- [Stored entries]
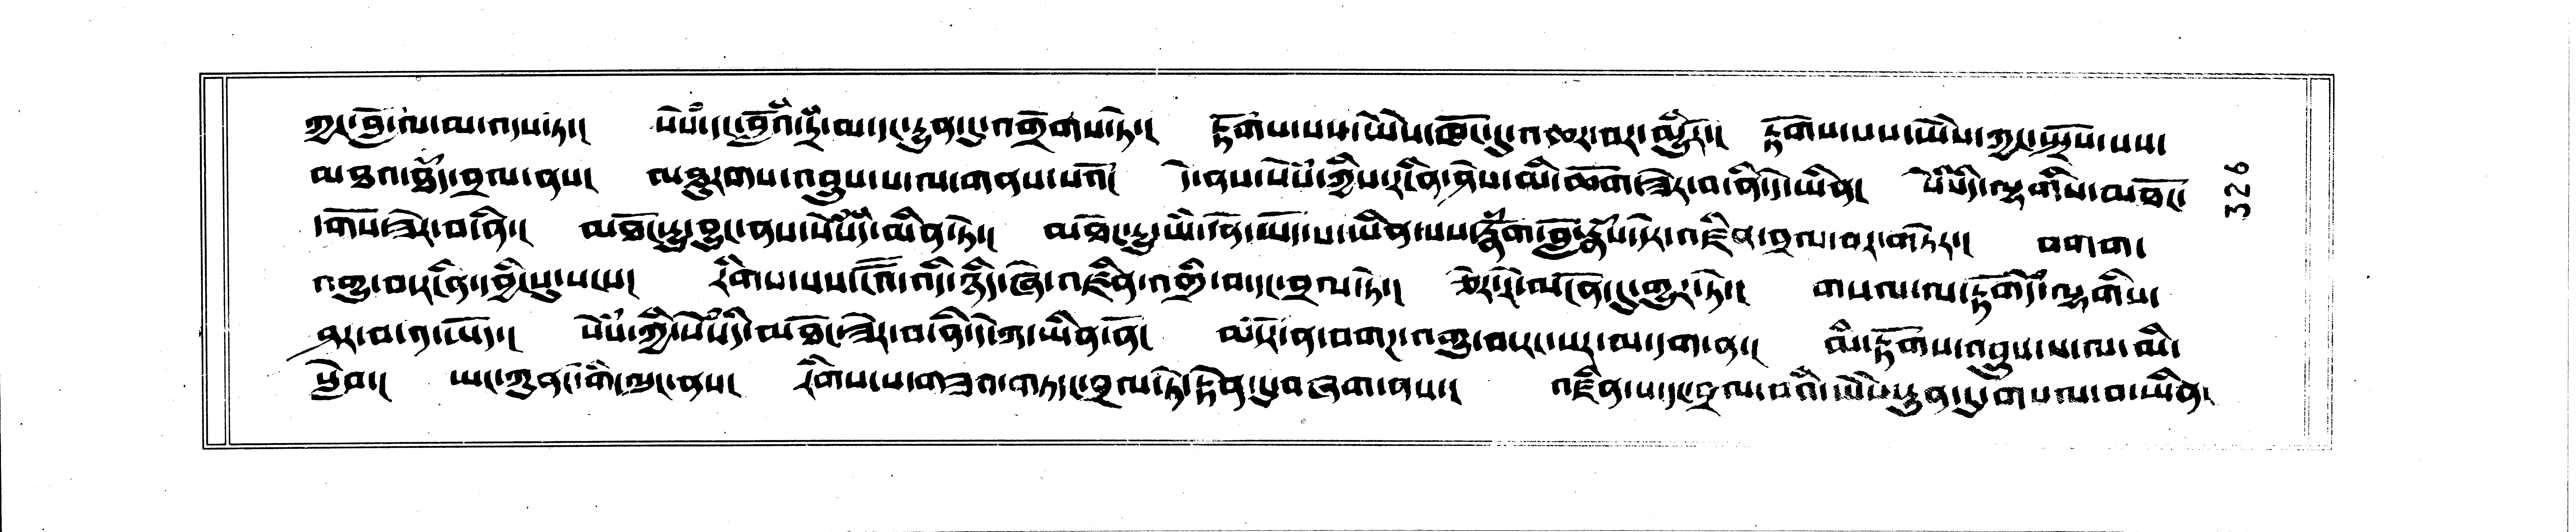ཀྱང་བློ་ལ་འདས་ཏེ། སེམས་ཀྱང་བློ་ཡི་དྲི་མ་ཅིག་དང་རྒྱུན་དུ་འགྲོགས་ཏེ། རྟོགས་པའི་ཡེ་ཤེས་ཁོང་ནས་འཆར་བར་མི་གྱུར་རོ། རྟོགས་པའི་ཡེ་ཤེས་ཀྱང་། སྤྲོ་བའི་༼སྤྲོས་པའི༽
མཐའ་ཐམས་ཅད་དང་བྲལ་ནས། མཐར་ཐུགས་འབྲས་བུ་ཡི་ས་ལ་གནས་པའོ། དེ་ནས་སེམས་ཀྱིས་རང་བཞིན་ཤེས་པས་མི་ཆོག་ཟེར་བ་ནི་དེ་ཡིན་ནོ། སེམས་ཉིད་ལྷགས་ཀྱིས་མཐོང་
དགོས་ཟེར་བ་ནི། མཐོང་རྒྱུ་བྱུང་ན་སེམས་ཉིད་མིན་ཏེ། མཐོང་རྒྱུ་མེད་པའི་དོན་ཅིག་མཐོང་པ་ཡིན་པས། རྣམ་རྟོག་བློ་རྣམས་དེར་འཛིན་བྲལ་བས་སྟོང་། བག་ཆགས་
འགྱུ་བ་རང་བཞིན་དབྱིངས་སུ་སངས། རིག་པའི་ངོའོ་དེ་ཉིད་ཞེ་འཛིན་འཁྲི་བ་དང་བྲལ། རྗེན་ཅེ་རེ་མངོན་དུ་གྱུར་ཏེ། གསལ་ལ་རྟོག་མེད་ལྷགས་ཀྱི་
ཤར་བ་ཅིག་ཡོད། སེམས་ཀྱིས་སེམས་ཉིད་མཐོང་ཟེར་བ་ནི། དེ་ཀ་ཡིན་ནོ། མདོར་ན་བག་ཆགས་འགྱུ་བ་རང་སར་མ་ཟད་ན། མི་ལྡོག་འབྲས་བུ་ཡི་ས་ལ་མི་
སླེབ། ཡང་ཀུན་བཟང་གིས་ལུང་ནས་ཀྱང་། རིག་པ་གཟའ་གཏད་དང་བྲལ་ཏེ་གཏན་མེད་དུ་བཞགས་ན་འཛིན་པ་དང་བྲལ་བའི་ཡེ་ཤེས་རྒྱུན་དུ་གསལ་བ་ཡིན།

- [What the task requires] Leave images out of the retyped records; keep all else exact.

- [Answer box]
ཀྱང་བློ་ལ་འདས་ཏེ། སེམས་ཀྱང་བློ་ཡི་དྲི་མ་ཅིག་དང་རྒྱུན་དུ་འགྲོགས་ཏེ། རྟོགས་པའི་ཡེ་ཤེས་ཁོང་ནས་འཆར་བར་མི་གྱུར་རོ། རྟོགས་པའི་ཡེ་ཤེས་ཀྱང་། སྤྲོ་བའི་༼སྤྲོས་པའི༽
མཐའ་ཐམས་ཅད་དང་བྲལ་ནས། མཐར་ཐུགས་འབྲས་བུ་ཡི་ས་ལ་གནས་པའོ། དེ་ནས་སེམས་ཀྱིས་རང་བཞིན་ཤེས་པས་མི་ཆོག་ཟེར་བ་ནི་དེ་ཡིན་ནོ། སེམས་ཉིད་ལྷགས་ཀྱིས་མཐོང་
དགོས་ཟེར་བ་ནི། མཐོང་རྒྱུ་བྱུང་ན་སེམས་ཉིད་མིན་ཏེ། མཐོང་རྒྱུ་མེད་པའི་དོན་ཅིག་མཐོང་པ་ཡིན་པས། རྣམ་རྟོག་བློ་རྣམས་དེར་འཛིན་བྲལ་བས་སྟོང་། བག་ཆགས་
འགྱུ་བ་རང་བཞིན་དབྱིངས་སུ་སངས། རིག་པའི་ངོའོ་དེ་ཉིད་ཞེ་འཛིན་འཁྲི་བ་དང་བྲལ། རྗེན་ཅེ་རེ་མངོན་དུ་གྱུར་ཏེ། གསལ་ལ་རྟོག་མེད་ལྷགས་ཀྱི་
ཤར་བ་ཅིག་ཡོད། སེམས་ཀྱིས་སེམས་ཉིད་མཐོང་ཟེར་བ་ནི། དེ་ཀ་ཡིན་ནོ། མདོར་ན་བག་ཆགས་འགྱུ་བ་རང་སར་མ་ཟད་ན། མི་ལྡོག་འབྲས་བུ་ཡི་ས་ལ་མི་
སླེབ། ཡང་ཀུན་བཟང་གིས་ལུང་ནས་ཀྱང་། རིག་པ་གཟའ་གཏད་དང་བྲལ་ཏེ་གཏན་མེད་དུ་བཞགས་ན་འཛིན་པ་དང་བྲལ་བའི་ཡེ་ཤེས་རྒྱུན་དུ་གསལ་བ་ཡིན།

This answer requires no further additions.